We recently implemented custom canonical tags for our customers.  Many of our customers have several domain names that point to a single site.  They wanted to be able to set a canonical domain name for the site and sometimes override the canonical url per page.

Our Solution 

This is a pretty easy problem to solve.  Here's what we decided on.

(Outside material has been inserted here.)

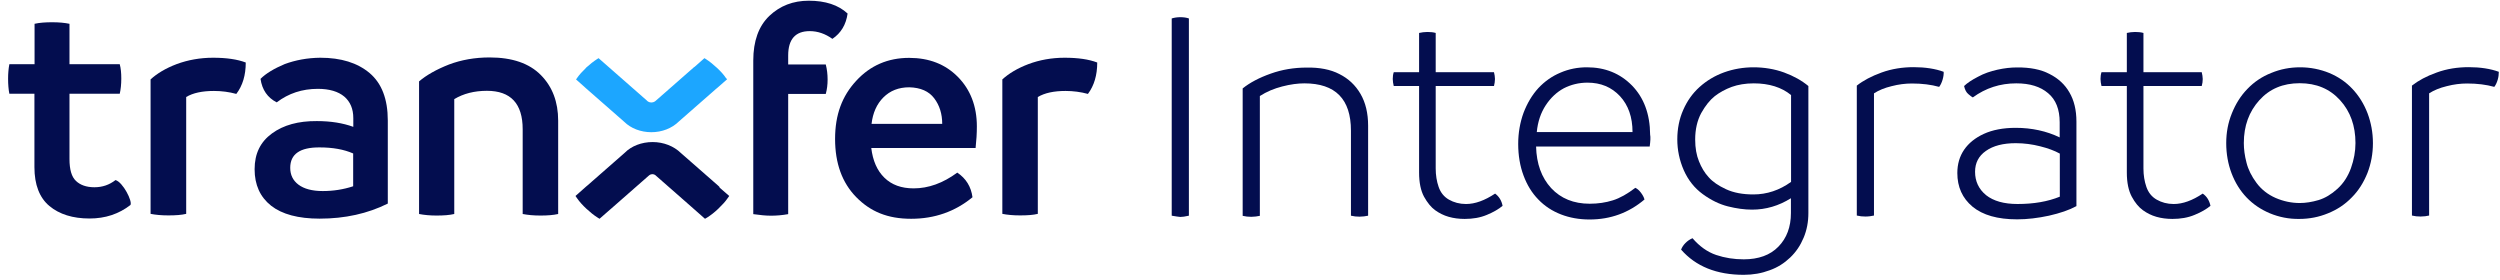 <svg xmlns="http://www.w3.org/2000/svg" width="304" height="34" viewBox="0 0 304 34" fill="none"><path d="M15.862 24.926C14.458 26.022 12.797 26.57 10.897 26.57C8.842 26.57 7.216 26.056 6.001 25.046C4.802 24.036 4.186 22.461 4.186 20.321V11.402H1.138C1.036 10.889 0.984 10.273 0.984 9.571C0.984 8.92 1.036 8.338 1.138 7.807H4.203V2.894C4.802 2.757 5.521 2.706 6.36 2.706C7.199 2.706 7.867 2.775 8.449 2.894V7.807H14.56C14.697 8.304 14.749 8.886 14.749 9.571C14.749 10.255 14.68 10.889 14.56 11.402H8.449V19.329C8.449 20.613 8.705 21.503 9.236 21.999C9.75 22.496 10.503 22.77 11.479 22.77C12.455 22.77 13.294 22.478 14.047 21.896C14.954 22.153 16.136 24.498 15.862 24.926Z" fill="#030D4F"></path><path d="M25.911 7.02C27.52 7.02 28.855 7.208 29.883 7.602C29.883 9.143 29.506 10.41 28.736 11.42C27.863 11.18 26.955 11.06 26.014 11.06C24.593 11.06 23.463 11.3 22.641 11.796V26.005C22.076 26.142 21.357 26.193 20.467 26.193C19.645 26.193 18.909 26.125 18.31 26.005V9.656C19.097 8.937 20.141 8.304 21.494 7.79C22.846 7.294 24.319 7.02 25.911 7.02Z" fill="#030D4F"></path><path d="M38.939 7.02C41.473 7.02 43.459 7.636 44.948 8.886C46.42 10.136 47.156 12.053 47.156 14.655V24.755C44.708 25.971 41.952 26.587 38.87 26.587C36.268 26.587 34.299 26.056 32.964 25.012C31.629 23.951 30.961 22.478 30.961 20.578C30.961 18.678 31.663 17.257 33.067 16.23C34.471 15.203 36.285 14.706 38.528 14.724C40.223 14.724 41.695 14.963 42.962 15.425V14.364C42.962 13.251 42.602 12.378 41.866 11.745C41.13 11.129 40.052 10.803 38.648 10.803C36.748 10.803 35.087 11.351 33.649 12.447C32.536 11.882 31.868 10.923 31.68 9.588C32.331 8.937 33.324 8.338 34.625 7.79C35.926 7.311 37.364 7.037 38.939 7.02ZM35.292 20.407C35.292 21.263 35.618 21.948 36.302 22.461C36.97 22.958 37.946 23.232 39.247 23.232C40.531 23.232 41.746 23.043 42.945 22.65V18.661C41.815 18.164 40.445 17.925 38.87 17.925C36.491 17.908 35.292 18.729 35.292 20.407Z" fill="#030D4F"></path><path d="M59.535 6.985C62.291 6.985 64.363 7.704 65.767 9.125C67.171 10.546 67.873 12.395 67.873 14.672V26.022C67.273 26.159 66.554 26.21 65.715 26.21C64.876 26.21 64.192 26.142 63.558 26.022V15.716C63.558 12.6 62.103 11.043 59.21 11.043C57.669 11.043 56.351 11.385 55.238 12.053V26.022C54.656 26.159 53.937 26.21 53.081 26.21C52.276 26.21 51.574 26.142 50.958 26.022V9.896C51.865 9.125 53.081 8.44 54.605 7.841C56.111 7.276 57.755 6.985 59.535 6.985Z" fill="#030D4F"></path><path d="M98.343 0.087C100.363 0.087 101.938 0.6 103.068 1.645C102.88 2.997 102.263 4.024 101.219 4.726C100.363 4.11 99.439 3.785 98.463 3.785C96.716 3.785 95.843 4.777 95.843 6.746V7.842H100.414C100.569 8.441 100.637 9.057 100.637 9.673C100.637 10.29 100.569 10.855 100.414 11.42H95.843V26.039C95.09 26.176 94.388 26.227 93.755 26.227C93.121 26.227 92.436 26.159 91.598 26.039V7.362C91.598 5 92.248 3.185 93.549 1.936C94.85 0.703 96.443 0.087 98.343 0.087Z" fill="#030D4F"></path><path d="M118.786 15.374C118.786 16.213 118.734 17.069 118.632 17.993H105.946C106.134 19.534 106.648 20.732 107.538 21.605C108.428 22.478 109.609 22.906 111.099 22.906C112.896 22.906 114.66 22.273 116.406 20.989C117.45 21.691 118.084 22.684 118.255 23.985C116.132 25.731 113.65 26.604 110.791 26.604C107.932 26.604 105.843 25.731 104.114 23.968C102.402 22.221 101.546 19.859 101.546 16.897C101.546 13.936 102.402 11.676 104.114 9.827C105.826 7.961 107.983 7.037 110.551 7.037C112.982 7.037 114.951 7.807 116.475 9.348C117.998 10.889 118.786 12.909 118.786 15.374ZM105.98 15.066H114.574C114.574 13.85 114.249 12.806 113.598 11.95C112.948 11.094 111.938 10.649 110.568 10.615C109.284 10.615 108.24 11.026 107.418 11.847C106.613 12.652 106.134 13.73 105.98 15.066Z" fill="#030D4F"></path><path d="M129.451 7.02C131.077 7.02 132.395 7.208 133.423 7.602C133.423 9.143 133.046 10.41 132.293 11.42C131.42 11.18 130.495 11.06 129.571 11.06C128.15 11.06 127.037 11.3 126.198 11.796V26.005C125.65 26.142 124.931 26.193 124.041 26.193C123.202 26.193 122.483 26.125 121.884 26.005V9.656C122.671 8.937 123.716 8.304 125.068 7.79C126.403 7.294 127.876 7.02 129.451 7.02Z" fill="#030D4F"></path><path d="M87.525 22.77C87.473 22.718 87.422 22.65 87.353 22.598L82.799 18.61C81.943 17.771 80.694 17.274 79.358 17.274C78.023 17.274 76.773 17.754 75.951 18.593L71.38 22.598C71.38 22.598 71.329 22.633 71.312 22.65L69.977 23.831L70.182 24.122C70.456 24.516 70.833 24.944 71.295 25.372C71.757 25.8 72.202 26.159 72.63 26.433L72.904 26.604L74.154 25.509C74.188 25.474 74.222 25.457 74.257 25.423L78.862 21.383C78.862 21.383 79.05 21.177 79.324 21.177C79.598 21.177 79.752 21.349 79.786 21.383L83.981 25.064L85.727 26.604L86.018 26.433C86.446 26.159 86.891 25.817 87.336 25.389L87.353 25.372L87.388 25.337C87.833 24.91 88.209 24.499 88.466 24.122L88.672 23.831L87.456 22.77H87.525Z" fill="#030D4F"></path><path d="M88.261 9.468C88.005 9.074 87.628 8.664 87.166 8.236C86.721 7.825 86.276 7.465 85.848 7.191L85.659 7.072L84.478 8.116C84.478 8.116 84.409 8.167 84.375 8.184L79.77 12.224C79.736 12.259 79.53 12.464 79.205 12.464C78.88 12.464 78.674 12.259 78.657 12.224L74.463 8.544L72.785 7.072L72.597 7.191C72.169 7.465 71.741 7.808 71.261 8.236C71.261 8.253 71.244 8.253 71.244 8.27C70.799 8.698 70.44 9.092 70.183 9.468L70.046 9.657L71.159 10.649C71.21 10.701 71.261 10.752 71.33 10.803L75.884 14.792C76.706 15.614 77.921 16.076 79.205 16.076C80.506 16.076 81.705 15.597 82.526 14.792L87.097 10.786C87.097 10.786 87.132 10.752 87.166 10.735L88.416 9.639L88.261 9.468Z" fill="#1CA6FF"></path><path d="M142.48 26.227V2.244C142.806 2.141 143.165 2.09 143.525 2.09C143.919 2.09 144.278 2.141 144.569 2.244V26.227C144.124 26.33 143.764 26.381 143.525 26.381C143.319 26.364 142.977 26.313 142.48 26.227Z" fill="#030D4F"></path><path d="M162.871 9.006C163.966 9.554 164.822 10.358 165.439 11.42C166.055 12.481 166.363 13.765 166.363 15.288V26.227C166.038 26.296 165.696 26.347 165.319 26.347C164.959 26.347 164.617 26.313 164.275 26.227V15.888C164.275 12.053 162.391 10.136 158.608 10.136C157.82 10.136 156.913 10.255 155.92 10.512C154.927 10.769 154.02 11.146 153.198 11.676V26.245C152.873 26.313 152.513 26.364 152.154 26.364C151.794 26.364 151.452 26.33 151.109 26.245V10.752C151.982 10.05 153.112 9.451 154.516 8.954C155.903 8.458 157.358 8.218 158.882 8.218C160.406 8.184 161.792 8.441 162.871 9.006Z" fill="#030D4F"></path><path d="M182.713 25.029C182.251 25.423 181.6 25.799 180.813 26.125C180.008 26.467 179.101 26.621 178.108 26.621C177.406 26.621 176.755 26.536 176.156 26.364C175.557 26.193 175.009 25.919 174.512 25.56C174.016 25.2 173.571 24.652 173.16 23.916C172.766 23.18 172.561 22.204 172.561 20.989V10.461H169.479C169.411 10.17 169.359 9.879 169.359 9.605C169.359 9.314 169.394 9.04 169.479 8.783H172.561V4.007C172.869 3.939 173.211 3.887 173.571 3.887C173.948 3.887 174.29 3.921 174.581 4.007V8.783H181.669C181.737 9.074 181.788 9.348 181.788 9.605C181.788 9.879 181.737 10.17 181.669 10.461H174.581V20.476C174.581 21.297 174.701 22.05 174.94 22.735C175.18 23.42 175.591 23.933 176.19 24.276C176.789 24.618 177.491 24.807 178.262 24.807C179.375 24.807 180.539 24.379 181.806 23.54C182.268 23.882 182.593 24.379 182.713 25.029Z" fill="#030D4F"></path><path d="M200.603 17.822H186.788C186.839 19.911 187.455 21.606 188.619 22.872C189.801 24.139 191.359 24.773 193.31 24.773C194.32 24.773 195.245 24.636 196.118 24.362C196.991 24.088 197.898 23.574 198.857 22.838C199.114 22.958 199.336 23.163 199.542 23.437C199.747 23.711 199.901 23.985 199.97 24.259C198.052 25.885 195.827 26.69 193.293 26.69C192.043 26.69 190.879 26.485 189.818 26.074C188.756 25.663 187.832 25.064 187.061 24.259C186.274 23.454 185.692 22.496 185.264 21.349C184.836 20.202 184.613 18.918 184.613 17.497C184.613 16.162 184.836 14.895 185.264 13.714C185.709 12.55 186.308 11.54 187.061 10.718C187.832 9.896 188.722 9.263 189.749 8.835C190.776 8.39 191.855 8.184 192.968 8.184C195.176 8.184 196.991 8.92 198.446 10.393C199.884 11.865 200.638 13.851 200.655 16.367C200.723 16.692 200.689 17.172 200.603 17.822ZM198.515 16.059C198.515 14.244 198.001 12.789 196.991 11.694C195.964 10.598 194.663 10.05 193.036 10.05C191.992 10.05 191.033 10.29 190.16 10.735C189.304 11.197 188.568 11.882 187.969 12.789C187.37 13.697 186.993 14.792 186.873 16.059H198.515Z" fill="#030D4F"></path><path d="M216.954 8.818C218.118 9.246 219.094 9.794 219.899 10.461V25.92C219.899 26.981 219.71 27.991 219.317 28.915C218.923 29.857 218.392 30.644 217.673 31.329C216.971 31.997 216.149 32.528 215.174 32.87C214.215 33.229 213.171 33.418 212.041 33.418C208.736 33.418 206.203 32.391 204.422 30.353C204.525 30.079 204.696 29.806 204.953 29.549C205.21 29.292 205.484 29.104 205.809 28.967C206.665 29.96 207.624 30.644 208.685 31.004C209.747 31.363 210.859 31.535 212.041 31.535C213.838 31.535 215.259 31.021 216.252 29.994C217.262 28.967 217.776 27.597 217.776 25.902V24.105C216.303 25.029 214.728 25.492 213.051 25.492C212.126 25.492 211.15 25.355 210.123 25.098C209.096 24.841 208.069 24.345 207.059 23.608C206.049 22.872 205.278 21.897 204.747 20.698C204.217 19.483 203.96 18.233 203.96 16.949C203.96 15.665 204.2 14.45 204.679 13.371C205.158 12.276 205.809 11.351 206.665 10.581C207.521 9.811 208.514 9.211 209.644 8.801C210.791 8.39 211.989 8.184 213.239 8.184C214.489 8.184 215.79 8.39 216.954 8.818ZM217.793 22.119V11.557C216.646 10.615 215.122 10.136 213.256 10.136C212.246 10.136 211.356 10.29 210.585 10.564C209.798 10.855 209.113 11.232 208.514 11.694C207.915 12.173 207.367 12.858 206.87 13.748C206.391 14.638 206.134 15.717 206.134 16.966C206.134 17.994 206.288 18.866 206.596 19.62C206.887 20.356 207.281 21.023 207.778 21.554C208.257 22.102 208.959 22.581 209.883 23.009C210.808 23.437 211.904 23.643 213.205 23.643C214.865 23.643 216.389 23.129 217.793 22.119Z" fill="#030D4F"></path><path d="M236.213 9.708C236.11 10.05 235.973 10.341 235.802 10.564C234.826 10.29 233.731 10.153 232.498 10.153C231.693 10.153 230.872 10.255 230.016 10.478C229.16 10.684 228.458 10.975 227.876 11.351V26.21C227.568 26.279 227.225 26.33 226.831 26.33C226.472 26.33 226.13 26.296 225.787 26.21V10.41C226.575 9.793 227.568 9.263 228.8 8.818C230.033 8.372 231.334 8.167 232.704 8.167C234.073 8.167 235.34 8.355 236.35 8.732C236.367 9.04 236.316 9.365 236.213 9.708Z" fill="#030D4F"></path><path d="M249.207 8.988C250.269 9.519 251.09 10.272 251.638 11.231C252.203 12.19 252.494 13.371 252.494 14.792V25.063C251.621 25.543 250.508 25.919 249.156 26.227C247.803 26.518 246.519 26.672 245.287 26.672C242.907 26.672 241.109 26.159 239.86 25.132C238.627 24.105 238.011 22.735 238.011 21.04C238.011 19.962 238.285 19.02 238.832 18.216C239.38 17.411 240.185 16.761 241.229 16.281C242.274 15.802 243.575 15.545 245.098 15.545C247.067 15.545 248.865 15.939 250.457 16.709V14.877C250.457 13.302 249.995 12.121 249.053 11.334C248.112 10.529 246.828 10.135 245.184 10.135C243.215 10.135 241.469 10.7 239.894 11.847C239.791 11.796 239.62 11.676 239.363 11.454C239.106 11.248 238.935 10.923 238.832 10.461C239.226 10.084 239.791 9.707 240.527 9.331C241.246 8.937 242.034 8.663 242.89 8.475C243.746 8.287 244.516 8.201 245.252 8.201C246.845 8.184 248.163 8.441 249.207 8.988ZM241.503 23.728C242.411 24.447 243.677 24.806 245.338 24.806C247.29 24.806 249.002 24.515 250.474 23.916V18.678C249.824 18.318 249.036 18.027 248.077 17.788C247.136 17.548 246.143 17.411 245.116 17.411C243.592 17.411 242.376 17.719 241.486 18.352C240.596 18.969 240.168 19.825 240.168 20.886C240.168 22.05 240.613 22.992 241.503 23.728Z" fill="#030D4F"></path><path d="M268.793 25.029C268.313 25.423 267.68 25.799 266.875 26.125C266.07 26.467 265.163 26.621 264.17 26.621C263.468 26.621 262.818 26.536 262.219 26.364C261.619 26.193 261.071 25.919 260.575 25.56C260.079 25.2 259.616 24.652 259.223 23.916C258.829 23.18 258.623 22.204 258.623 20.989V10.461H255.542C255.473 10.17 255.422 9.879 255.422 9.605C255.422 9.314 255.456 9.04 255.542 8.783H258.623V4.007C258.914 3.939 259.257 3.887 259.633 3.887C260.01 3.887 260.352 3.921 260.643 4.007V8.783H267.731C267.8 9.074 267.851 9.348 267.851 9.605C267.851 9.879 267.817 10.17 267.731 10.461H260.643V20.476C260.643 21.297 260.763 22.05 261.003 22.735C261.243 23.42 261.654 23.933 262.253 24.276C262.852 24.618 263.537 24.807 264.324 24.807C265.42 24.807 266.601 24.379 267.851 23.54C268.347 23.882 268.656 24.379 268.793 25.029Z" fill="#030D4F"></path><path d="M276.016 25.937C274.92 25.474 273.979 24.841 273.191 24.019C272.404 23.198 271.788 22.205 271.36 21.075C270.932 19.945 270.709 18.712 270.709 17.412C270.709 16.11 270.932 14.929 271.394 13.782C271.856 12.635 272.472 11.642 273.294 10.803C274.099 9.965 275.057 9.314 276.187 8.869C277.3 8.407 278.464 8.184 279.697 8.184C280.93 8.184 282.128 8.424 283.224 8.869C284.336 9.331 285.278 9.982 286.048 10.803C286.836 11.642 287.452 12.618 287.897 13.782C288.325 14.929 288.548 16.128 288.548 17.412C288.548 18.678 288.325 19.894 287.88 21.041C287.418 22.188 286.802 23.18 285.98 24.002C285.175 24.841 284.2 25.492 283.087 25.937C281.974 26.399 280.81 26.622 279.577 26.622C278.327 26.639 277.129 26.399 276.016 25.937ZM281.94 24.328C282.727 24.088 283.48 23.643 284.234 22.958C284.97 22.29 285.518 21.434 285.877 20.442C286.237 19.431 286.425 18.422 286.425 17.394C286.425 15.306 285.809 13.56 284.559 12.19C283.309 10.803 281.666 10.119 279.646 10.119C277.608 10.119 275.982 10.803 274.732 12.19C273.482 13.577 272.849 15.306 272.849 17.394C272.849 18.131 272.952 18.935 273.174 19.774C273.38 20.613 273.791 21.434 274.39 22.239C274.989 23.044 275.776 23.66 276.718 24.071C277.677 24.482 278.653 24.687 279.646 24.687C280.365 24.687 281.135 24.567 281.94 24.328Z" fill="#030D4F"></path><path d="M303.718 9.708C303.615 10.05 303.478 10.341 303.307 10.564C302.331 10.29 301.236 10.153 300.003 10.153C299.198 10.153 298.377 10.255 297.521 10.478C296.665 10.684 295.963 10.975 295.381 11.351V26.21C295.09 26.279 294.73 26.33 294.336 26.33C293.977 26.33 293.634 26.296 293.292 26.21V10.41C294.08 9.793 295.055 9.263 296.305 8.818C297.521 8.372 298.822 8.167 300.208 8.167C301.578 8.167 302.845 8.355 303.855 8.732C303.855 9.04 303.821 9.365 303.718 9.708Z" fill="#030D4F"></path></svg>

  1. Setup a site setting to allow a user to set the site canonical domain name
  2. Create a page setting to allow a user to override the canonical url per page.  We decided to allow relative or absolute url canonical overrides per page to allow for the most flexibility.
  3. Here's how it works.
    1. If the user sets the canonical domain name but no page override, use the canonical domain name appended with the Umbraco page url.
    2. If the page override is set and is an absolute url, use the absolute url as the canonical tag
    3. If the page override is set and is a relative url, use the canonical domain name appended with the relative url

 Umbraco Document Type Changes

  1. Create a textstring field named Canonical Domain Name (alias canonicalDomainName) in your Site Settings.  We usually have a Site Settings tab on the homepage of every site.
    We use the validation regular expression below to ensure the user enters a valid domain name prefixed with http:// or https://

    ^(http|https):\/\/([a-zA-Z0-9]([a-zA-Z0-9\-]{0,61}[a-zA-Z0-9])?\.)+[a-zA-Z]{2,6}$

  2. Add a textstring field named Canonical Link Override (alias canonicalLinkOverride) to your master document type.  This setting should be available to all pages.

Code Changes

We created a simple extension method to allow for the Canonical Url to be an extension of IPublishedContent available for Umbraco models.  You can just add this to a class file in your App_Code folder for a simple site or as part of a dll for a more complex project.

 

public static string GetCanonicalUrl(this IPublishedContent node)
{
	IPublishedContent root = node.Root();
	string canonicalDomainName = root.Value<string>("canonicalDomainName");
	string canonicalUrl = "";
	if (node.HasValue("canonicalLinkOverride"))
	{
		string canonicalLinkOverride = node.Value<string>("canonicalLinkOverride");
		if (canonicalLinkOverride.StartsWith("http")) // absolute url
		{
			canonicalUrl = canonicalLinkOverride;
		}
		else // not an absolute url
		{
			if (canonicalLinkOverride[0] != '/') // correct user entries that don't include a leading slash
			{
				canonicalLinkOverride = "/" + canonicalLinkOverride;
			}
			canonicalUrl = canonicalDomainName + canonicalLinkOverride;
		}
	}
	else if (canonicalDomainName != "")
	{
		canonicalUrl = canonicalDomainName + node.Url();
	}
	return canonicalUrl;
}

View Updates

In your master template, simply add this code.  (Note: We actually add this in a header partial view surrounded by an if not empty string statement.)

<link rel="canonical" href="@Model.GetCanonicalUrl()" />

That's it.  With these simple additions, we added canonical links.